For the listing below, give the number of lines in which "brown" occurs. Add nothing.

## RECORDS TO USE
BEGIN

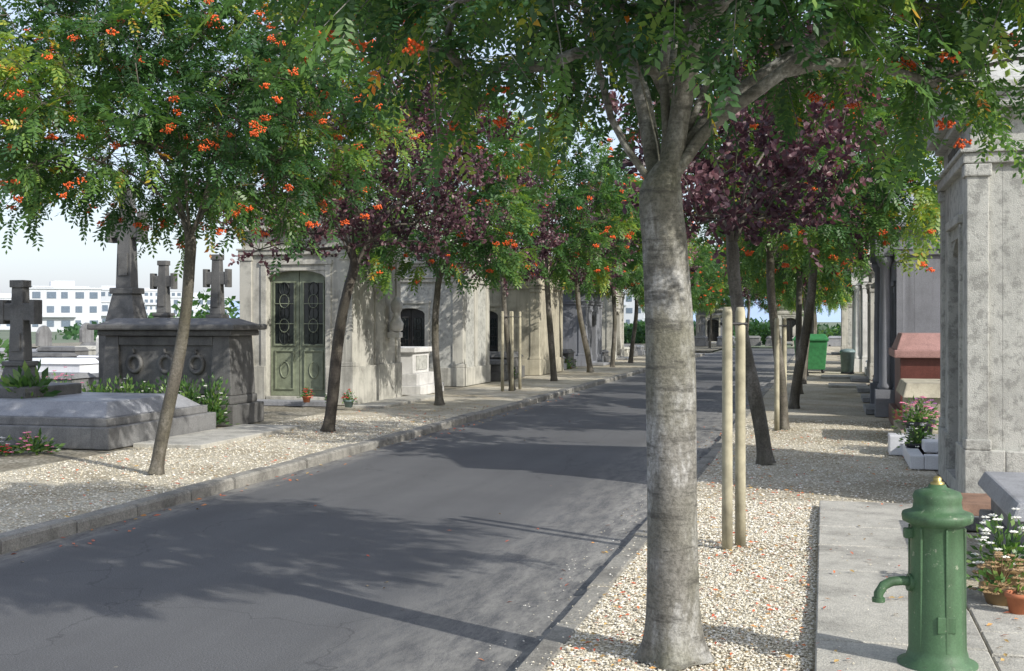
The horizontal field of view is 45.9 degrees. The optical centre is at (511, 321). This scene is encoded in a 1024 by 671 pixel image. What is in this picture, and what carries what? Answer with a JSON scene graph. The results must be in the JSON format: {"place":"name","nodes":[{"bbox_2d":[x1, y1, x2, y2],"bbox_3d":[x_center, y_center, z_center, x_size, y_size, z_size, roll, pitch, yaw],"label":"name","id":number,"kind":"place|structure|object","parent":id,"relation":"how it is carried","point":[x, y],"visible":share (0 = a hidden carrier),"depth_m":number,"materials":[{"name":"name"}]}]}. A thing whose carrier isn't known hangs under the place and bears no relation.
{"place":"outdoors","nodes":[
{"label":"outdoors","id":0,"kind":"place"},
{"bbox_2d":[29,281,101,331],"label":"apartment block","id":1,"kind":"structure","parent":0,"point":[66,303],"depth_m":216.26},
{"bbox_2d":[101,286,115,300],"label":"apartment block","id":2,"kind":"structure","parent":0,"point":[106,295],"depth_m":394.13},
{"bbox_2d":[101,301,145,322],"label":"apartment block","id":3,"kind":"structure","parent":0,"point":[104,307],"depth_m":265.12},
{"bbox_2d":[142,288,181,316],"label":"apartment block","id":4,"kind":"structure","parent":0,"point":[149,296],"depth_m":531.78,"materials":[{"name":"paint"}]},
{"bbox_2d":[170,293,229,317],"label":"apartment block","id":5,"kind":"structure","parent":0,"point":[174,300],"depth_m":345.06,"materials":[{"name":"paint"}]},
{"bbox_2d":[0,366,576,471],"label":"cemetery ground","id":6,"kind":"structure","parent":0,"point":[25,459],"depth_m":16.33,"materials":[{"name":"gravel"}]},
{"bbox_2d":[2,427,65,454],"bbox_3d":[-6.349,1.654,15.990,0.664,0.497,0.691,0,0,36],"label":"flower bouquet","id":7,"kind":"object","parent":6,"relation":"on","point":[34,445],"visible":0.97,"depth_m":15.99,"materials":[{"name":"green plant"}]},
{"bbox_2d":[36,325,73,348],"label":"tomb","id":8,"kind":"object","parent":6,"relation":"on","point":[43,335],"visible":0.44,"depth_m":54.51,"materials":[{"name":"grey stone"}]},
{"bbox_2d":[32,352,77,357],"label":"tomb","id":9,"kind":"object","parent":6,"relation":"on","point":[46,355],"visible":0.31,"depth_m":42.47,"materials":[{"name":"stone"}]},
{"bbox_2d":[36,347,89,354],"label":"tomb","id":10,"kind":"object","parent":6,"relation":"on","point":[81,350],"visible":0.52,"depth_m":47.95,"materials":[{"name":"stone"}]},
{"bbox_2d":[32,358,98,372],"bbox_3d":[-12.507,1.391,33.589,1.900,0.719,1.000,0,0,16],"label":"tomb","id":11,"kind":"object","parent":6,"relation":"on","point":[90,365],"visible":0.39,"depth_m":33.17,"materials":[{"name":"white stone"}]},
{"bbox_2d":[38,372,96,391],"bbox_3d":[-10.677,1.470,27.869,1.900,0.560,1.000,0,0,13],"label":"tomb","id":12,"kind":"object","parent":6,"relation":"on","point":[79,377],"visible":0.3,"depth_m":27.52,"materials":[{"name":"grey stone"}]},
{"bbox_2d":[79,323,95,345],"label":"tomb","id":13,"kind":"object","parent":6,"relation":"on","point":[86,336],"visible":0.34,"depth_m":56.60,"materials":[{"name":"grey stone"}]},
{"bbox_2d":[0,382,215,449],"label":"granite tomb","id":14,"kind":"object","parent":6,"relation":"on","point":[72,415],"visible":0.89,"depth_m":17.03,"materials":[{"name":"stone"}]},
{"bbox_2d":[0,280,41,384],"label":"stone cross","id":15,"kind":"object","parent":14,"relation":"on","point":[20,312],"visible":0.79,"depth_m":18.38,"materials":[{"name":"stone"}]},
{"bbox_2d":[0,359,61,398],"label":"palm plant","id":16,"kind":"object","parent":14,"relation":"on","point":[28,378],"visible":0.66,"depth_m":17.98,"materials":[{"name":"green plant"}]},
{"bbox_2d":[0,288,239,369],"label":"shrubs","id":17,"kind":"object","parent":6,"relation":"on","point":[198,314],"visible":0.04,"depth_m":35.11,"materials":[{"name":"green plant"}]},
{"bbox_2d":[99,190,147,388],"bbox_3d":[-7.640,-0.445,23.977,0.840,4.390,0.680,0,0,14],"label":"stone cross","id":18,"kind":"object","parent":6,"relation":"on","point":[126,301],"visible":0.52,"depth_m":23.82,"materials":[{"name":"stone"}]},
{"bbox_2d":[107,374,148,392],"bbox_3d":[-6.433,1.387,20.113,0.737,1.039,0.791,0,0,-1],"label":"garden plant","id":19,"kind":"object","parent":6,"relation":"on","point":[128,386],"visible":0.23,"depth_m":20.14,"materials":[{"name":"green plant"}]},
{"bbox_2d":[128,380,158,392],"bbox_3d":[-6.043,1.518,20.018,0.786,1.127,0.705,0,0,-23],"label":"garden plant","id":20,"kind":"object","parent":6,"relation":"on","point":[145,390],"visible":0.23,"depth_m":19.98,"materials":[{"name":"green plant"}]},
{"bbox_2d":[150,260,177,317],"bbox_3d":[-7.497,0.225,26.006,0.605,3.051,0.490,0,0,14],"label":"stone cross","id":21,"kind":"object","parent":6,"relation":"on","point":[163,282],"visible":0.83,"depth_m":25.92,"materials":[{"name":"stone"}]},
{"bbox_2d":[87,318,266,425],"bbox_3d":[-5.783,0.850,20.914,2.770,1.800,1.240,0,0,14],"label":"granite sarcophagus","id":22,"kind":"object","parent":6,"relation":"on","point":[138,350],"visible":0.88,"depth_m":20.54,"materials":[{"name":"stone"}]},
{"bbox_2d":[178,375,210,410],"bbox_3d":[-5.327,1.377,19.868,0.749,1.009,0.799,0,0,-19],"label":"garden plant","id":23,"kind":"object","parent":6,"relation":"on","point":[190,393],"visible":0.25,"depth_m":19.77,"materials":[{"name":"green plant"}]},
{"bbox_2d":[196,372,232,424],"bbox_3d":[-4.894,1.459,19.832,0.691,1.265,0.816,0,0,41],"label":"garden plant","id":24,"kind":"object","parent":6,"relation":"on","point":[215,407],"visible":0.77,"depth_m":19.79,"materials":[{"name":"green plant"}]},
{"bbox_2d":[203,254,231,317],"bbox_3d":[-5.996,0.197,24.584,0.605,3.106,0.490,0,0,14],"label":"stone cross","id":25,"kind":"object","parent":6,"relation":"on","point":[217,278],"visible":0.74,"depth_m":24.50,"materials":[{"name":"stone"}]},
{"bbox_2d":[231,180,403,406],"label":"stone mausoleum","id":26,"kind":"structure","parent":6,"relation":"on","point":[294,306],"depth_m":25.63,"materials":[{"name":"stone"}]},
{"bbox_2d":[271,271,299,395],"bbox_3d":[-4.826,0.258,25.723,0.654,2.653,0.050,0,0,14],"label":"door leaf","id":27,"kind":"structure","parent":26,"relation":"in","point":[281,356],"depth_m":25.69,"materials":[{"name":"green paint"}]},
{"bbox_2d":[300,271,324,395],"bbox_3d":[-4.181,0.258,25.556,0.654,2.653,0.050,0,0,14],"label":"door leaf","id":28,"kind":"structure","parent":26,"relation":"in","point":[310,357],"depth_m":25.55,"materials":[{"name":"green paint"}]},
{"bbox_2d":[401,346,443,394],"bbox_3d":[-2.623,1.190,29.496,1.450,1.120,1.800,0,0,14],"label":"white monument","id":29,"kind":"object","parent":6,"relation":"on","point":[417,376],"visible":0.54,"depth_m":28.87,"materials":[{"name":"stone"}]},
{"bbox_2d":[399,196,492,386],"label":"stone mausoleum","id":30,"kind":"structure","parent":6,"relation":"on","point":[464,337],"depth_m":32.66,"materials":[{"name":"stone"}]},
{"bbox_2d":[489,359,507,380],"bbox_3d":[-1.212,0.986,36.052,2.200,1.529,1.200,0,0,14],"label":"tomb","id":31,"kind":"object","parent":6,"relation":"on","point":[495,364],"visible":0.09,"depth_m":35.32,"materials":[{"name":"stone"}]},
{"bbox_2d":[490,351,524,378],"bbox_3d":[-0.811,1.350,37.601,2.200,0.800,1.200,0,0,14],"label":"tomb","id":32,"kind":"object","parent":6,"relation":"on","point":[495,354],"visible":0.26,"depth_m":37.02,"materials":[{"name":"stone"}]},
{"bbox_2d":[490,258,564,374],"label":"stone mausoleum","id":33,"kind":"structure","parent":6,"relation":"on","point":[529,302],"depth_m":39.25,"materials":[{"name":"stone"}]},
{"bbox_2d":[563,349,575,368],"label":"tomb","id":34,"kind":"object","parent":6,"relation":"on","point":[567,353],"visible":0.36,"depth_m":44.90,"materials":[{"name":"stone"}]},
{"bbox_2d":[563,275,609,366],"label":"stone mausoleum","id":35,"kind":"structure","parent":6,"relation":"on","point":[591,314],"depth_m":46.87,"materials":[{"name":"stone"}]},
{"bbox_2d":[601,282,628,359],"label":"stone mausoleum","id":36,"kind":"structure","parent":6,"relation":"on","point":[607,321],"depth_m":54.21,"materials":[{"name":"stone"}]},
{"bbox_2d":[0,354,695,532],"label":"gravel path","id":37,"kind":"structure","parent":0,"point":[477,398],"depth_m":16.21,"materials":[{"name":"gravel"}]},
{"bbox_2d":[0,0,431,475],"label":"rowan tree","id":38,"kind":"object","parent":37,"relation":"on","point":[34,181],"visible":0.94,"depth_m":13.16,"materials":[{"name":"green plant"}]},
{"bbox_2d":[133,424,300,448],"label":"paving slabs","id":39,"kind":"structure","parent":37,"relation":"on","point":[213,437],"depth_m":17.99,"materials":[{"name":"stone"}]},
{"bbox_2d":[342,389,357,406],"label":"potted flowers","id":40,"kind":"object","parent":37,"relation":"on","point":[348,401],"visible":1,"depth_m":23.81,"materials":[{"name":"green plant"}]},
{"bbox_2d":[189,9,526,431],"bbox_3d":[-2.389,-1.900,19.085,5.818,7.344,4.699,0,0,14],"label":"plum tree","id":41,"kind":"object","parent":37,"relation":"on","point":[374,231],"visible":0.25,"depth_m":18.84,"materials":[{"name":"purple plant"}]},
{"bbox_2d":[351,394,434,408],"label":"paving slabs","id":42,"kind":"structure","parent":37,"relation":"on","point":[390,402],"depth_m":25.67,"materials":[{"name":"stone"}]},
{"bbox_2d":[340,74,553,404],"bbox_3d":[-1.512,-1.821,25.288,4.862,7.156,4.690,0,0,14],"label":"rowan tree","id":43,"kind":"object","parent":37,"relation":"on","point":[521,227],"visible":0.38,"depth_m":24.69,"materials":[{"name":"green plant"}]},
{"bbox_2d":[500,311,513,390],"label":"tree stakes","id":44,"kind":"object","parent":37,"relation":"on","point":[502,316],"visible":1,"depth_m":30.33,"materials":[{"name":"brown wood"}]},
{"bbox_2d":[454,148,568,390],"bbox_3d":[-0.221,-1.336,30.532,2.833,6.202,3.374,0,0,-37],"label":"plum tree","id":45,"kind":"object","parent":37,"relation":"on","point":[543,237],"visible":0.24,"depth_m":30.14,"materials":[{"name":"purple plant"}]},
{"bbox_2d":[509,311,521,388],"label":"tree stakes","id":46,"kind":"object","parent":37,"relation":"on","point":[519,316],"visible":0.69,"depth_m":31.10,"materials":[{"name":"brown wood"}]},
{"bbox_2d":[455,107,643,380],"bbox_3d":[0.948,-2.421,35.548,5.903,8.366,5.811,0,0,36],"label":"rowan tree","id":47,"kind":"object","parent":37,"relation":"on","point":[568,248],"visible":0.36,"depth_m":34.86,"materials":[{"name":"green plant"}]},
{"bbox_2d":[532,179,640,371],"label":"tree","id":48,"kind":"object","parent":37,"relation":"on","point":[575,278],"visible":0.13,"depth_m":41.49,"materials":[{"name":"green plant"}]},
{"bbox_2d":[555,173,643,366],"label":"rowan tree","id":49,"kind":"object","parent":37,"relation":"on","point":[633,271],"visible":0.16,"depth_m":46.12,"materials":[{"name":"green plant"}]},
{"bbox_2d":[584,179,694,362],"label":"rowan tree","id":50,"kind":"object","parent":37,"relation":"on","point":[637,296],"visible":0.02,"depth_m":50.67,"materials":[{"name":"green plant"}]},
{"bbox_2d":[624,221,714,306],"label":"rowan tree","id":51,"kind":"object","parent":37,"relation":"on","point":[695,287],"visible":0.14,"depth_m":61.45,"materials":[{"name":"green plant"}]},
{"bbox_2d":[32,342,721,350],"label":"cemetery ground","id":52,"kind":"structure","parent":0,"point":[706,348],"depth_m":84.02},
{"bbox_2d":[694,319,708,345],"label":"tomb","id":53,"kind":"object","parent":52,"relation":"on","point":[700,339],"visible":0.79,"depth_m":84.55,"materials":[{"name":"grey stone"}]},
{"bbox_2d":[689,236,727,317],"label":"rowan tree","id":54,"kind":"object","parent":52,"relation":"on","point":[711,264],"visible":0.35,"depth_m":71.84,"materials":[{"name":"green plant"}]},
{"bbox_2d":[695,303,723,343],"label":"stone mausoleum","id":55,"kind":"structure","parent":52,"relation":"on","point":[716,325],"depth_m":95.19,"materials":[{"name":"stone"}]},
{"bbox_2d":[689,238,743,347],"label":"rowan tree","id":56,"kind":"object","parent":52,"relation":"on","point":[726,295],"visible":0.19,"depth_m":77.76,"materials":[{"name":"green plant"}]},
{"bbox_2d":[708,245,754,335],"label":"rowan tree","id":57,"kind":"object","parent":52,"relation":"on","point":[746,303],"visible":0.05,"depth_m":90.93,"materials":[{"name":"green plant"}]},
{"bbox_2d":[0,348,794,670],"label":"road","id":58,"kind":"structure","parent":0,"point":[286,574],"depth_m":9.46,"materials":[{"name":"asphalt"}]},
{"bbox_2d":[5,394,1022,670],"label":"fallen leaves","id":59,"kind":"object","parent":58,"relation":"on","point":[639,554],"visible":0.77,"depth_m":8.84,"materials":[{"name":"orange plant"}]},
{"bbox_2d":[515,355,794,670],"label":"kerb","id":60,"kind":"structure","parent":58,"relation":"on","point":[553,641],"depth_m":7.71,"materials":[{"name":"stone"}]},
{"bbox_2d":[0,322,840,352],"bbox_3d":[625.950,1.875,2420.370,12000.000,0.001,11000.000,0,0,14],"label":"ground","id":61,"kind":"structure","parent":0,"point":[4,335],"depth_m":130.66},
{"bbox_2d":[0,353,704,554],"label":"kerb","id":62,"kind":"structure","parent":61,"relation":"on","point":[28,536],"depth_m":13.26,"materials":[{"name":"stone"}]},
{"bbox_2d":[55,312,840,339],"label":"distant trees","id":63,"kind":"object","parent":61,"relation":"on","point":[69,332],"visible":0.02,"depth_m":149.72,"materials":[{"name":"green plant"}]},
{"bbox_2d":[624,318,840,344],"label":"hedge","id":64,"kind":"object","parent":61,"relation":"on","point":[640,334],"visible":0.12,"depth_m":95.35,"materials":[{"name":"green plant"}]},
{"bbox_2d":[725,257,766,328],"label":"plum tree","id":65,"kind":"object","parent":61,"relation":"on","point":[748,297],"visible":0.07,"depth_m":85.05,"materials":[{"name":"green plant"}]},
{"bbox_2d":[745,278,803,315],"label":"rowan tree","id":66,"kind":"object","parent":61,"relation":"on","point":[763,305],"visible":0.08,"depth_m":87.76,"materials":[{"name":"green plant"}]},
{"bbox_2d":[777,300,803,343],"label":"stone mausoleum","id":67,"kind":"structure","parent":61,"relation":"on","point":[790,319],"depth_m":94.69,"materials":[{"name":"stone"}]},
{"bbox_2d":[29,294,840,321],"bbox_3d":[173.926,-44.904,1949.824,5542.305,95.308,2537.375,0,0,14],"label":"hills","id":68,"kind":"structure","parent":0,"point":[822,316],"depth_m":2628.68,"materials":[{"name":"plant"}]},
{"bbox_2d":[0,0,1022,300],"label":"sky","id":69,"kind":"structure","parent":0,"point":[63,256],"materials":[{"name":"white"}]},
{"bbox_2d":[623,289,644,324],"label":"apartment block","id":70,"kind":"structure","parent":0,"point":[629,306],"depth_m":294.94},
{"bbox_2d":[623,226,701,293],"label":"plum tree","id":71,"kind":"object","parent":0,"point":[695,267],"visible":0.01,"depth_m":56.01,"materials":[{"name":"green plant"}]},
{"bbox_2d":[546,555,815,670],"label":"loose gravel","id":72,"kind":"structure","parent":0,"point":[737,637],"depth_m":7.10,"materials":[{"name":"gravel"}]},
{"bbox_2d":[639,498,818,563],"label":"loose gravel","id":73,"kind":"structure","parent":0,"point":[715,520],"depth_m":10.08,"materials":[{"name":"gravel"}]},
{"bbox_2d":[545,346,992,670],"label":"gravel path","id":74,"kind":"structure","parent":0,"point":[821,400],"depth_m":13.28,"materials":[{"name":"gravel"}]},
{"bbox_2d":[191,0,1023,670],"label":"rowan tree","id":75,"kind":"object","parent":74,"relation":"on","point":[615,42],"visible":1,"depth_m":6.19,"materials":[{"name":"green plant"}]},
{"bbox_2d":[720,307,747,548],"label":"tree stakes","id":76,"kind":"object","parent":74,"relation":"on","point":[727,323],"visible":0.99,"depth_m":9.31,"materials":[{"name":"brown wood"}]},
{"bbox_2d":[588,0,895,464],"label":"plum tree","id":77,"kind":"object","parent":74,"relation":"on","point":[792,161],"visible":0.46,"depth_m":14.57,"materials":[{"name":"purple plant"}]},
{"bbox_2d":[773,318,787,429],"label":"tree stakes","id":78,"kind":"object","parent":74,"relation":"on","point":[776,325],"visible":0.83,"depth_m":19.38,"materials":[{"name":"brown wood"}]},
{"bbox_2d":[705,109,883,393],"bbox_3d":[6.931,-1.999,29.200,5.105,7.514,4.925,0,0,-43],"label":"rowan tree","id":79,"kind":"object","parent":74,"relation":"on","point":[823,279],"visible":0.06,"depth_m":29.06,"materials":[{"name":"green plant"}]},
{"bbox_2d":[710,80,893,408],"bbox_3d":[5.743,-1.645,24.046,4.639,6.823,3.895,0,0,-39],"label":"plum tree","id":80,"kind":"object","parent":74,"relation":"on","point":[794,399],"visible":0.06,"depth_m":24.10,"materials":[{"name":"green plant"}]},
{"bbox_2d":[746,264,860,333],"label":"rowan tree","id":81,"kind":"object","parent":74,"relation":"on","point":[852,293],"depth_m":44.19,"materials":[{"name":"green plant"}]},
{"bbox_2d":[740,193,870,375],"bbox_3d":[9.241,-1.974,38.709,5.271,7.470,5.189,0,0,-10],"label":"rowan tree","id":82,"kind":"object","parent":74,"relation":"on","point":[785,285],"visible":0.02,"depth_m":38.30,"materials":[{"name":"green plant"}]},
{"bbox_2d":[791,334,830,372],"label":"waste container","id":83,"kind":"object","parent":74,"relation":"on","point":[817,351],"visible":0.72,"depth_m":40.72,"materials":[{"name":"plastic"}]},
{"bbox_2d":[681,44,943,428],"bbox_3d":[4.976,-1.457,19.499,5.326,6.428,5.732,0,0,-18],"label":"rowan tree","id":84,"kind":"object","parent":74,"relation":"on","point":[925,203],"visible":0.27,"depth_m":18.28,"materials":[{"name":"green plant"}]},
{"bbox_2d":[777,275,851,314],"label":"rowan tree","id":85,"kind":"object","parent":74,"relation":"on","point":[821,297],"visible":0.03,"depth_m":56.04,"materials":[{"name":"green plant"}]},
{"bbox_2d":[760,192,871,383],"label":"plum tree","id":86,"kind":"object","parent":74,"relation":"on","point":[804,379],"visible":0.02,"depth_m":33.99,"materials":[{"name":"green plant"}]},
{"bbox_2d":[782,276,851,333],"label":"rowan tree","id":87,"kind":"object","parent":74,"relation":"on","point":[814,318],"visible":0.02,"depth_m":61.96,"materials":[{"name":"green plant"}]},
{"bbox_2d":[828,383,866,387],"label":"paving slabs","id":88,"kind":"structure","parent":74,"relation":"on","point":[842,385],"depth_m":31.92,"materials":[{"name":"stone"}]},
{"bbox_2d":[840,349,855,373],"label":"waste bin","id":89,"kind":"object","parent":74,"relation":"on","point":[847,357],"visible":1,"depth_m":40.29,"materials":[{"name":"plastic"}]},
{"bbox_2d":[815,500,997,670],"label":"paving slabs","id":90,"kind":"structure","parent":74,"relation":"on","point":[869,642],"depth_m":7.51,"materials":[{"name":"stone"}]},
{"bbox_2d":[872,476,978,670],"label":"water pump","id":91,"kind":"object","parent":90,"relation":"on","point":[937,517],"visible":1,"depth_m":5.86,"materials":[{"name":"green paint"}]},
{"bbox_2d":[697,420,927,503],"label":"loose gravel","id":92,"kind":"structure","parent":0,"point":[816,463],"depth_m":14.78,"materials":[{"name":"gravel"}]},
{"bbox_2d":[862,372,948,487],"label":"cemetery ground","id":93,"kind":"structure","parent":0,"point":[936,472],"depth_m":13.97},
{"bbox_2d":[831,290,851,354],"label":"stone mausoleum","id":94,"kind":"structure","parent":93,"relation":"on","point":[846,329],"depth_m":62.34,"materials":[{"name":"stone"}]},
{"bbox_2d":[850,267,868,371],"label":"stone mausoleum","id":95,"kind":"structure","parent":93,"relation":"on","point":[859,324],"depth_m":41.60,"materials":[{"name":"stone"}]},
{"bbox_2d":[850,243,874,381],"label":"stone mausoleum","id":96,"kind":"structure","parent":93,"relation":"on","point":[870,332],"depth_m":34.45,"materials":[{"name":"stone"}]},
{"bbox_2d":[863,187,939,416],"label":"stone mausoleum","id":97,"kind":"structure","parent":93,"relation":"on","point":[904,303],"depth_m":22.03,"materials":[{"name":"stone"}]},
{"bbox_2d":[888,433,937,469],"bbox_3d":[5.882,1.600,15.315,2.080,0.300,2.600,0,0,14],"label":"marble tomb","id":98,"kind":"object","parent":93,"relation":"on","point":[914,458],"visible":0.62,"depth_m":14.52,"materials":[{"name":"stone"}]},
{"bbox_2d":[895,423,934,455],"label":"potted flowers","id":99,"kind":"object","parent":98,"relation":"on","point":[915,443],"visible":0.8,"depth_m":15.17,"materials":[{"name":"green plant"}]},
{"bbox_2d":[891,395,939,440],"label":"potted flowers","id":100,"kind":"object","parent":98,"relation":"on","point":[916,421],"visible":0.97,"depth_m":16.01,"materials":[{"name":"green plant"}]},
{"bbox_2d":[900,398,939,432],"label":"potted flowers","id":101,"kind":"object","parent":98,"relation":"on","point":[930,419],"visible":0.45,"depth_m":16.28,"materials":[{"name":"pink plant"}]},
{"bbox_2d":[889,333,939,424],"bbox_3d":[7.561,0.975,20.252,2.300,1.550,1.800,0,0,14],"label":"red granite tomb","id":102,"kind":"object","parent":93,"relation":"on","point":[916,355],"visible":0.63,"depth_m":19.71,"materials":[{"name":"stone"}]},
{"bbox_2d":[893,378,939,435],"bbox_3d":[6.802,1.320,17.814,2.150,0.860,1.900,0,0,14],"label":"stone tomb","id":103,"kind":"object","parent":93,"relation":"on","point":[928,389],"visible":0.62,"depth_m":17.24,"materials":[{"name":"yellow stone"}]},
{"bbox_2d":[922,11,1023,493],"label":"stone mausoleum","id":104,"kind":"structure","parent":93,"relation":"on","point":[981,426],"depth_m":11.24,"materials":[{"name":"grey stone"}]},
{"bbox_2d":[966,587,1023,670],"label":"paving slabs","id":105,"kind":"structure","parent":93,"relation":"on","point":[982,612],"depth_m":6.68,"materials":[{"name":"stone"}]},
{"bbox_2d":[966,551,1023,607],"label":"dry plant","id":106,"kind":"object","parent":105,"relation":"on","point":[994,590],"visible":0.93,"depth_m":7.31,"materials":[{"name":"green plant"}]},
{"bbox_2d":[966,507,1023,588],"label":"potted flowers","id":107,"kind":"object","parent":105,"relation":"on","point":[1009,546],"visible":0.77,"depth_m":7.60,"materials":[{"name":"green plant"}]},
{"bbox_2d":[1004,584,1023,614],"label":"terracotta flower pot","id":108,"kind":"object","parent":105,"relation":"on","point":[1015,599],"visible":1,"depth_m":7.04,"materials":[{"name":"orange ceramic"}]},
{"bbox_2d":[978,471,1023,558],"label":"granite tomb","id":109,"kind":"object","parent":93,"relation":"on","point":[1004,491],"visible":0.67,"depth_m":8.96,"materials":[{"name":"stone"}]},
{"bbox_2d":[961,493,990,515],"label":"slab","id":110,"kind":"structure","parent":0,"point":[974,503],"depth_m":10.33,"materials":[{"name":"stone"}]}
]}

END

## COMPLETED TASK
4